**Brief:** When you reach the line that contains "loose? A: Tight.", give it back exactly along with each line after it to the end of the entries; skip any pictures.
=-=-=-=-=
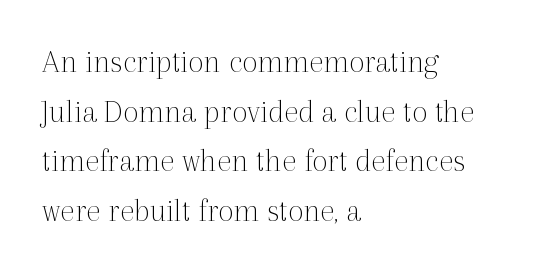
The image shows 34 px thin serif type, upright; set left-aligned, normal line spacing (1.46x), normal letter spacing, not underlined; a medium x-height.
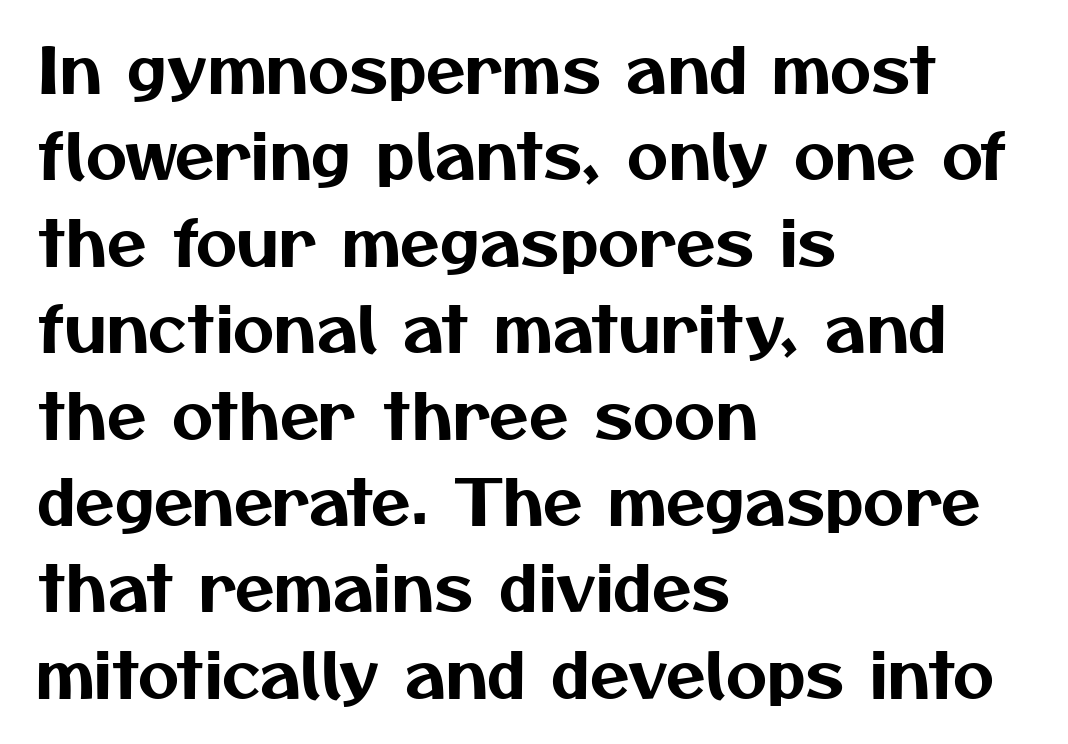
Q: Is the typeface a serif or a sans-serif typeface? A: Sans-serif.
Q: Is the text underlined? A: No.
Q: How is the paragraph aligned? A: Left-aligned.
Q: Is the spacing between letters normal or unusually wide? A: Normal.
Q: Is the spacing between lines tight, normal or loose? A: Normal.
Q: Width (condensed, normal, or wide)? A: Normal.
Q: Stroke contrast? A: Medium.
Q: x-height? A: Medium.
Q: Monospaced? A: No.
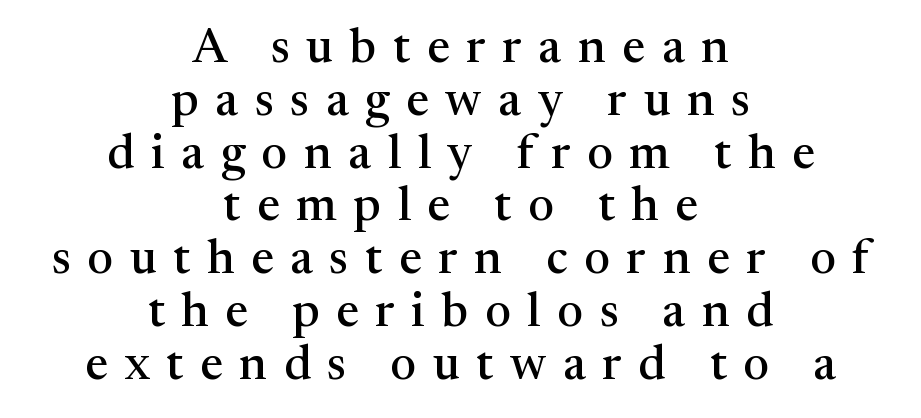
Does the copy run flush right? No — it is centered line by line. Italic? Not at all — the glyphs are vertical. The space directly below the letters is spotless. The passage shown has open, widely tracked lettering throughout.
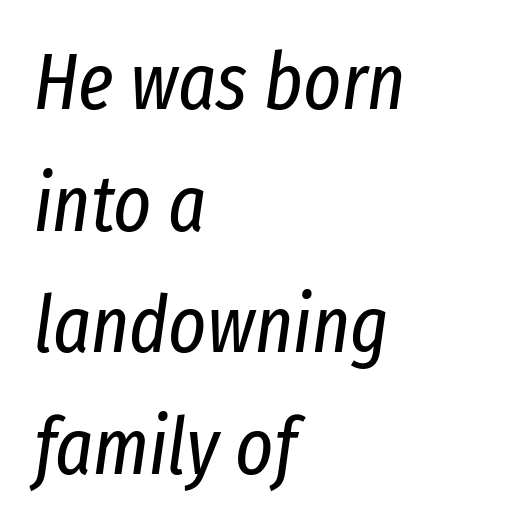
Q: Is the text bold? A: No.
Q: Is the text italic (slanted)? A: Yes, it leans right by about 8 degrees.
Q: Is the text underlined? A: No.
Q: How is the paragraph aligned? A: Left-aligned.
Q: Is the spacing between letters normal or unusually wide? A: Normal.
Q: Is the spacing between lines tight, normal or loose? A: Normal.
Q: Width (condensed, normal, or wide)? A: Condensed.
Q: Stroke contrast? A: Low.
Q: x-height? A: Medium.
Q: Monospaced? A: No.
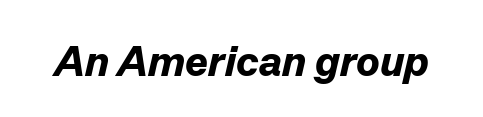
{"italic": "yes", "lean": "right", "slant_degrees": 13, "bold": "yes", "weight": "bold", "width": "normal", "stroke_contrast": "low", "x_height": "medium", "monospaced": "no", "underline": "no", "letter_spacing": "normal", "letter_spacing_em": 0.0, "glyph_px": 43}
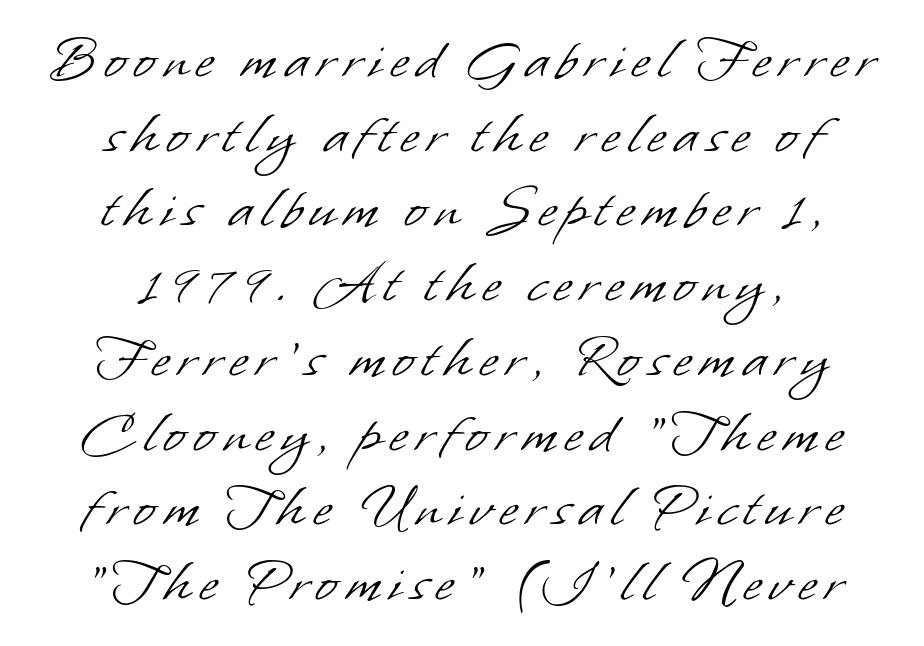
Q: Is the text bold? A: No.
Q: Is the typeface a serif or a sans-serif typeface? A: Sans-serif.
Q: Is the text underlined? A: No.
Q: How is the paragraph aligned? A: Centered.
Q: Is the spacing between lines tight, normal or loose? A: Tight.
Q: Width (condensed, normal, or wide)? A: Normal.
Q: Stroke contrast? A: Low.
Q: x-height? A: Small.
Q: Monospaced? A: No.
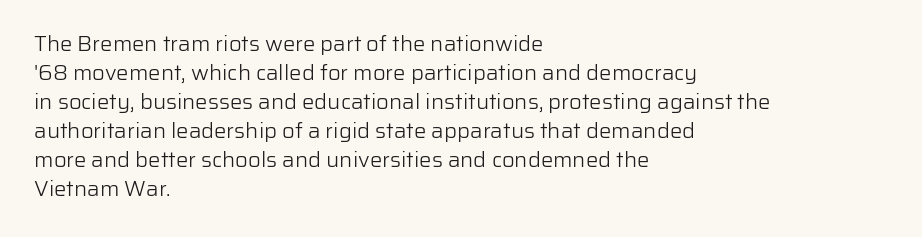
{"italic": "no", "bold": "no", "underline": "no", "align": "left", "line_spacing": "normal", "line_spacing_ratio": 1.32, "letter_spacing": "normal", "letter_spacing_em": 0.0, "glyph_px": 22}
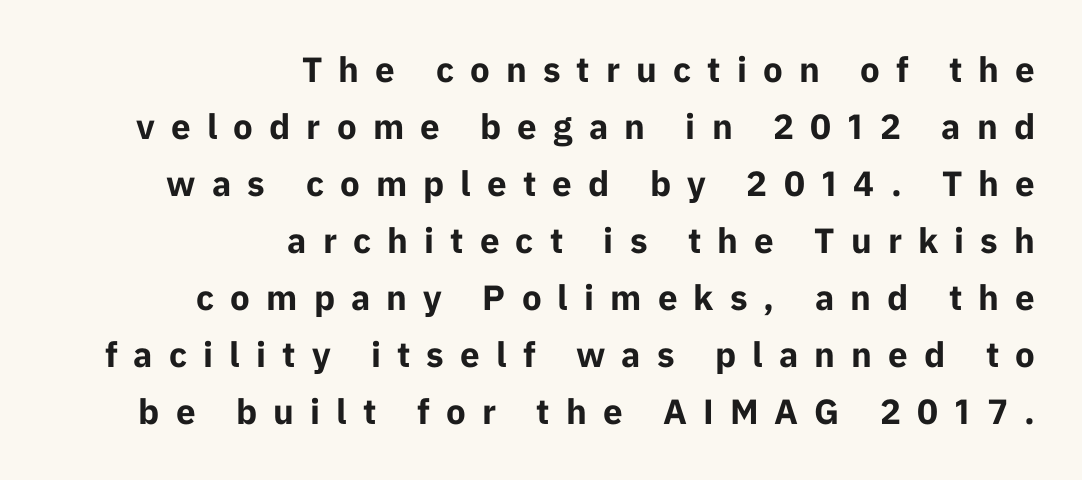
{"serif": "no", "italic": "no", "bold": "yes", "weight": "bold", "width": "normal", "stroke_contrast": "low", "x_height": "medium", "monospaced": "no", "underline": "no", "align": "right", "line_spacing": "normal", "line_spacing_ratio": 1.63, "letter_spacing": "wide", "letter_spacing_em": 0.46, "glyph_px": 35}
=-=-=-=-=
**Result of this task:**
Q: Is the spacing between lines tight, normal or loose? A: Tight.
Q: Width (condensed, normal, or wide)? A: Normal.
Q: Stroke contrast? A: Low.
Q: x-height? A: Small.
Q: Monospaced? A: No.
{"italic": "no", "bold": "no", "underline": "no", "align": "left", "line_spacing": "normal", "line_spacing_ratio": 1.32, "letter_spacing": "normal", "letter_spacing_em": 0.0, "glyph_px": 22}
{"serif": "no", "italic": "no", "bold": "yes", "weight": "bold", "width": "normal", "stroke_contrast": "low", "x_height": "medium", "monospaced": "no", "underline": "no", "align": "right", "line_spacing": "normal", "line_spacing_ratio": 1.63, "letter_spacing": "wide", "letter_spacing_em": 0.46, "glyph_px": 35}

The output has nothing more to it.